Buraco negro e Previdência
Há anos eu não passava tanto tempo consecutivo num lugar só. Pelas minhas contas, estou próximo de completar um mês inteiro aqui em São Paulo, depois de sucessivas temporadas europeias que começaram em agosto e se encadearam a um ritmo regular até o último regresso. Hoje é dia de viajar, mas vou voar para perto, dentro de nossas fronteiras, e por certo que o Nordeste não me dissociará da realidade brasileira, muito pelo contrário. A ênfase pode mudar, mas o país continua um só.
Fato mesmo é que nas últimas semanas mergulhei o mais fundo que pude em nossa agenda nacional e, talvez pela primeira vez desde as pautas críticas dos anos 1980 – anistia, redemocratização, eleições diretas etc –, vejo o Brasil siderado em torno de um tema: a Reforma da Previdência. Com quem quer que se fale, o tema emerge como um abracadabra. Se aprovada, podemos virar uma Espanha em 10 anos. Se rejeitada, uma Nigéria. Se mutilada, um Brasil brasileiro, bonito, mas manco, escorado na muleta surrada da esperança.
Daí meu temor de que o governo – ou seria melhor dizer Brasília, genericamente? –gaste seu escasso capital político com uma agenda inócua, voltada tão somente para alimentar a fornalha da militância e, assim fazendo, derrape nas curvas, perca a aderência no Congresso e termine por comprometer o mérito da mãe de todas as reformas. Se perdermos esse bonde, que já chega com atraso enorme devido à parada prolongada na estação Janot, estamos fritos. Seja como for, até os pessimistas admitem que a Reforma passa, apesar do governo (sic).
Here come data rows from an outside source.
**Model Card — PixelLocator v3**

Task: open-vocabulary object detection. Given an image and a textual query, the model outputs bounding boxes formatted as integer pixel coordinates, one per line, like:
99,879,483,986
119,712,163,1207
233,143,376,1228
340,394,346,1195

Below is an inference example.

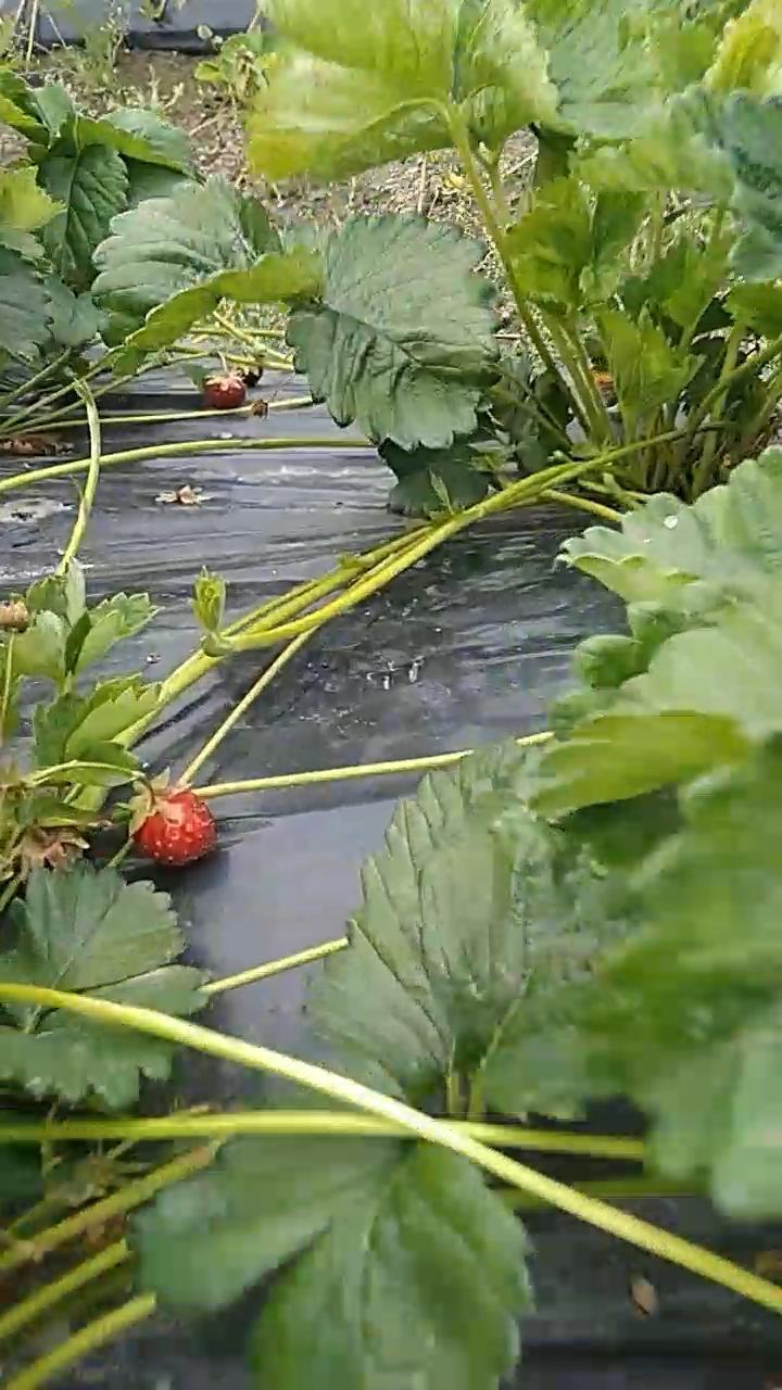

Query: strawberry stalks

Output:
215,337,239,387
44,761,169,812
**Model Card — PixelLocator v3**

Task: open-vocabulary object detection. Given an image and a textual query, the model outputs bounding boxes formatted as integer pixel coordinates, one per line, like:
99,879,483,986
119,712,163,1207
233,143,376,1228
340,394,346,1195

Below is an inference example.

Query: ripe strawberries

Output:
134,790,233,873
204,370,247,409

Nesse contexto, eis que semana passada a Reforma teve de dividir espaço com outro tema palpitante. Para muitos, ele é tão abstrato quanto ela: a fotografia do buraco negro, conseguida graças a um engenhoso esforço coordenado de telescópios espalhados pelo mundo. Se para a imensa maioria da humanidade pouco se depreenderá daquela imagem quase banal, salvo talvez por um frisson que não se explica, é certo que a Previdência é, para muitos de nós, uma caixa preta. É inverossímil para a maioria que ela possa ter um impacto tão grande em nossas vidas.
Para não me delongar, devo admitir que já não me interesso pela agenda dos países como era de praxe em tempos idos. Meu foco hoje é inteiramente outro. Mas se tivesse que comparar a tensão e a expectativa que nos traz a Reforma da Previdência com algum outro tema do mundo, diria que só o Brexit rivaliza com ela em magnitude. Se o futuro do Reino Unido, logo da Europa, está atrelado ao Brexit em seus diversos matizes, aqui se dá o mesmo. Sei que batalha da comunicação é hercúlea e oxalá o Congresso saiba captar a dimensão do momento.
Sim, o nó górdio é bem atado e de decodificação delicada. Estamos abraçados por uma jiboia cujo aperto nos faz sentir os ossos trincar. Tomara que nos safemos de mais esta. Sem a Reforma, parece que deixaremos de vez de ser o país do amanhã e amargaremos o resto do tempo no limbo.